HOW TO COMPLETE THIS TASK: The copy has to match the records word for word and include no pictures.

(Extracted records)
Start of Block
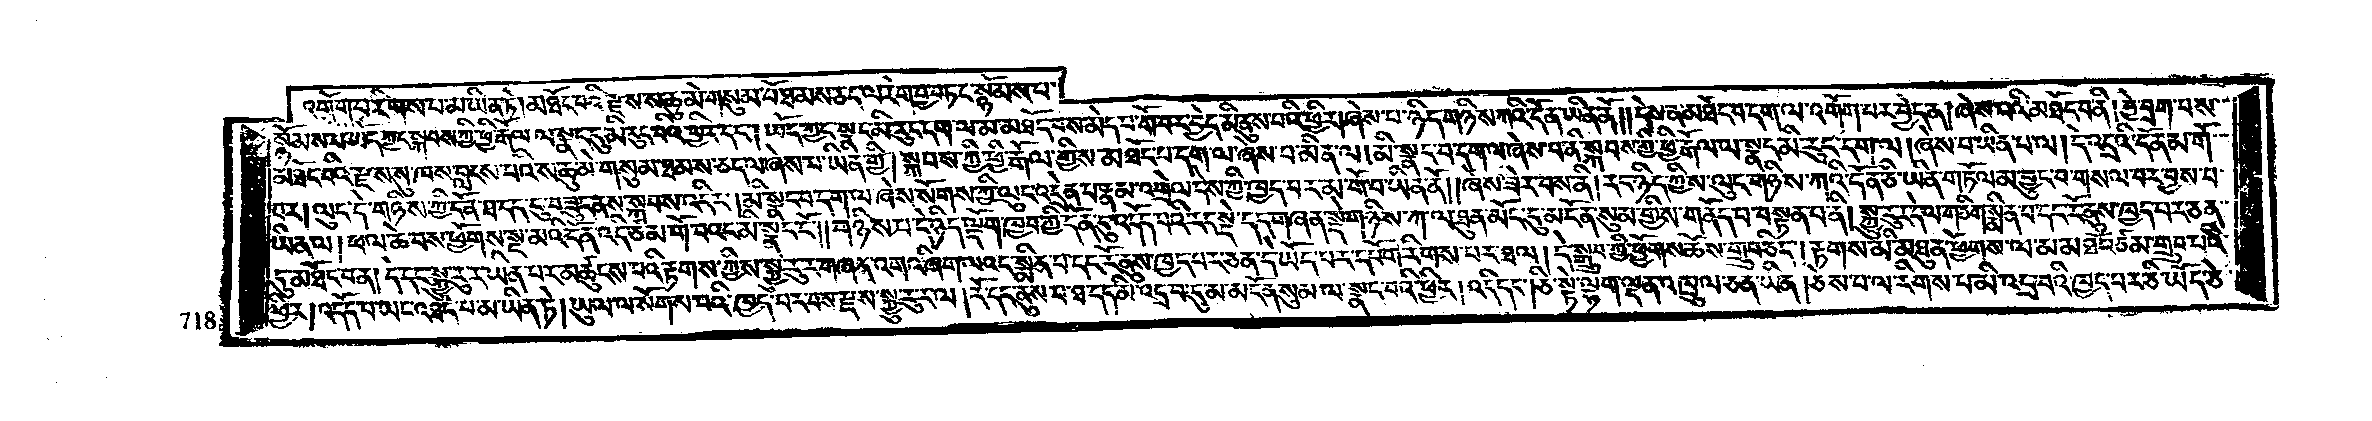འགོག་པ་རིགས་པ་མ་ཡིན་ཏེ། མཐོང་བའི་རྫས་སུ་ས་ཆུ་མེ་གསུམ་པོ་ཐམས་ཅད་ལ་རེག་བྱ་བཏང་སྙོམས་པ་ཡོད་ཀྱང་སྐབས་ཀྱི་ཕྱི་རྒོལ་ལ་སྣང་དུ་མི་རུང་བའི་ཕྱིར་དང་། ཡོད་ཀྱང་སྣང་མི་རུང་དག་ལ་མ་མཐོང་བས་མེད་པ་གོ་བར་བྱེད་མི་ནུས་པའི་ཕྱིར། ཞེས་པ་ཉིད་གཉིས་ཀའི་དོན་ཡིན་ནོ། །དེས་ན་མཐོང་བ་དག་ལ་འགོག་པར་བྱེད་ན། ཞེས་པའི་མཐོང་བ་ནི། བྱེ་བྲག་པས་
མཐོང་བའི་རྫས་སུ་ཁས་བླངས་པའི་ས་ཆུ་མེ་གསུམ་ཐམས་ཅད་ལ་ཞེས་པ་ཡིན་གྱི། སྐབས་ཀྱི་ཕྱི་རྒོལ་གྱིས་མཐོང་བ་དག་ལ་ཞེས་པ་མིན་ལ། མི་སྣང་བ་དག་ལ་ཞེས་པ་ནི་སྐབས་ཀྱི་ཕྱི་རྒོལ་ལ་སྣང་མི་རུང་དག་ལ། ཞེས་པ་ཡིན་པ་ལ། དེ་འདྲའི་དོན་མ་གོ་
བར༑ ལུང་དེ་གཉིས་ཀྱི་དོན་ཐ་དད་དུ་བཟུང་ནས་སྐབས་འདིར། མི་སྣང་བ་དག་ལ་ཞེས་སོགས་ཀྱི་ལུང་འདྲེན་པ་རྣམ་འགྲེལ་ངེས་ཀྱི་ཁྱད་པར་མ་གོ་བ་ཡིན་ནོ། །ཞེས་ཟེར་བས་ནི། རང་ཉིད་ཀྱིས་ལུང་གཉིས་ཀའི་དོན་ཅི་ཡིན་གཏོལ་མ་བྱུང་བ་གསལ་བར་བྱས་པ་
ཡིན་ལ། ཕལ་ཆེ་བས་ཕྱོགས་སྔ་མའི་དོན་འདི་ཙམ་གོ་བའང་མི་སྣང་ངོ། །གཉིས་པ་དེ་ཉིད་ལྡོག་ཁྱབ་ཀྱི་དོན་དུ་འདོད་པའི་རང་སྡེ་དང་གཞན་སྡེ་གཉིས་ཀ་ལ་ཐུན་མོང་དུ་མངོན་སུམ་གྱིས་གནོད་པ་བསྟན་པ་ནི། སྐྱུ་རུ་ར་དེ་ལ་གཅིག་སྨིན་པ་དང་རོ་ནུས་ཁྱད་པར་ཅན་
དུ་མཐོང་བ་ན། དེ་དང་སྐྱུ་རུ་ར་ཡིན་པར་མཚུངས་པའི་རྟགས་ཀྱིས་སྐྱུ་རུ་ར་གཞན་འགའ་ཞིག་ལའང་སྨིན་པ་དང་རོ་ནུས་ཁྱད་པར་ཅན་དེ་ཡོད་པར་དཔོག་རིགས་པར་ཐལ། དེ་སྒྲུབ་ཀྱི་ཕྱོགས་ཆོས་གྲུབ་ཅིང་། རྟགས་མི་མཐུན་ཕྱོགས་ལ་མ་མཐོང་ཙམ་གྲུབ་པའི་
ཕྱིར༑ འདོད་པ་ཡང་འཐད་པ་མ་ཡིན་ཏེ། ཡུལ་ལ་སོགས་པའི་ཁྱད་པར་བས་རྫས་སྐྱུ་རུ་ར་ལ། རོ་དང་ནུས་པ་ཐ་དད་མི་འདྲ་བ་དུ་མ་མངོན་སུམ་ལ་སྣང་བའི་ཕྱིར། འདི་དང་། ཅི་སྟེ་ལྷག་ལྡན་འཁྲུལ་ཅན་ཡིན། ཅེས་པ་ལ་རིགས་པ་མི་འདྲ་བའི་ཁྱད་པར་ཅི་ཡོད་ཅེ་
End of Block
RESULT OF THIS TASK:
འགོག་པ་རིགས་པ་མ་ཡིན་ཏེ། མཐོང་བའི་རྫས་སུ་ས་ཆུ་མེ་གསུམ་པོ་ཐམས་ཅད་ལ་རེག་བྱ་བཏང་སྙོམས་པ་ཡོད་ཀྱང་སྐབས་ཀྱི་ཕྱི་རྒོལ་ལ་སྣང་དུ་མི་རུང་བའི་ཕྱིར་དང་། ཡོད་ཀྱང་སྣང་མི་རུང་དག་ལ་མ་མཐོང་བས་མེད་པ་གོ་བར་བྱེད་མི་ནུས་པའི་ཕྱིར། ཞེས་པ་ཉིད་གཉིས་ཀའི་དོན་ཡིན་ནོ། །དེས་ན་མཐོང་བ་དག་ལ་འགོག་པར་བྱེད་ན། ཞེས་པའི་མཐོང་བ་ནི། བྱེ་བྲག་པས་
མཐོང་བའི་རྫས་སུ་ཁས་བླངས་པའི་ས་ཆུ་མེ་གསུམ་ཐམས་ཅད་ལ་ཞེས་པ་ཡིན་གྱི། སྐབས་ཀྱི་ཕྱི་རྒོལ་གྱིས་མཐོང་བ་དག་ལ་ཞེས་པ་མིན་ལ། མི་སྣང་བ་དག་ལ་ཞེས་པ་ནི་སྐབས་ཀྱི་ཕྱི་རྒོལ་ལ་སྣང་མི་རུང་དག་ལ། ཞེས་པ་ཡིན་པ་ལ། དེ་འདྲའི་དོན་མ་གོ་
བར༑ ལུང་དེ་གཉིས་ཀྱི་དོན་ཐ་དད་དུ་བཟུང་ནས་སྐབས་འདིར། མི་སྣང་བ་དག་ལ་ཞེས་སོགས་ཀྱི་ལུང་འདྲེན་པ་རྣམ་འགྲེལ་ངེས་ཀྱི་ཁྱད་པར་མ་གོ་བ་ཡིན་ནོ། །ཞེས་ཟེར་བས་ནི། རང་ཉིད་ཀྱིས་ལུང་གཉིས་ཀའི་དོན་ཅི་ཡིན་གཏོལ་མ་བྱུང་བ་གསལ་བར་བྱས་པ་
ཡིན་ལ། ཕལ་ཆེ་བས་ཕྱོགས་སྔ་མའི་དོན་འདི་ཙམ་གོ་བའང་མི་སྣང་ངོ། །གཉིས་པ་དེ་ཉིད་ལྡོག་ཁྱབ་ཀྱི་དོན་དུ་འདོད་པའི་རང་སྡེ་དང་གཞན་སྡེ་གཉིས་ཀ་ལ་ཐུན་མོང་དུ་མངོན་སུམ་གྱིས་གནོད་པ་བསྟན་པ་ནི། སྐྱུ་རུ་ར་དེ་ལ་གཅིག་སྨིན་པ་དང་རོ་ནུས་ཁྱད་པར་ཅན་
དུ་མཐོང་བ་ན། དེ་དང་སྐྱུ་རུ་ར་ཡིན་པར་མཚུངས་པའི་རྟགས་ཀྱིས་སྐྱུ་རུ་ར་གཞན་འགའ་ཞིག་ལའང་སྨིན་པ་དང་རོ་ནུས་ཁྱད་པར་ཅན་དེ་ཡོད་པར་དཔོག་རིགས་པར་ཐལ། དེ་སྒྲུབ་ཀྱི་ཕྱོགས་ཆོས་གྲུབ་ཅིང་། རྟགས་མི་མཐུན་ཕྱོགས་ལ་མ་མཐོང་ཙམ་གྲུབ་པའི་
ཕྱིར༑ འདོད་པ་ཡང་འཐད་པ་མ་ཡིན་ཏེ། ཡུལ་ལ་སོགས་པའི་ཁྱད་པར་བས་རྫས་སྐྱུ་རུ་ར་ལ། རོ་དང་ནུས་པ་ཐ་དད་མི་འདྲ་བ་དུ་མ་མངོན་སུམ་ལ་སྣང་བའི་ཕྱིར། འདི་དང་། ཅི་སྟེ་ལྷག་ལྡན་འཁྲུལ་ཅན་ཡིན། ཅེས་པ་ལ་རིགས་པ་མི་འདྲ་བའི་ཁྱད་པར་ཅི་ཡོད་ཅེ་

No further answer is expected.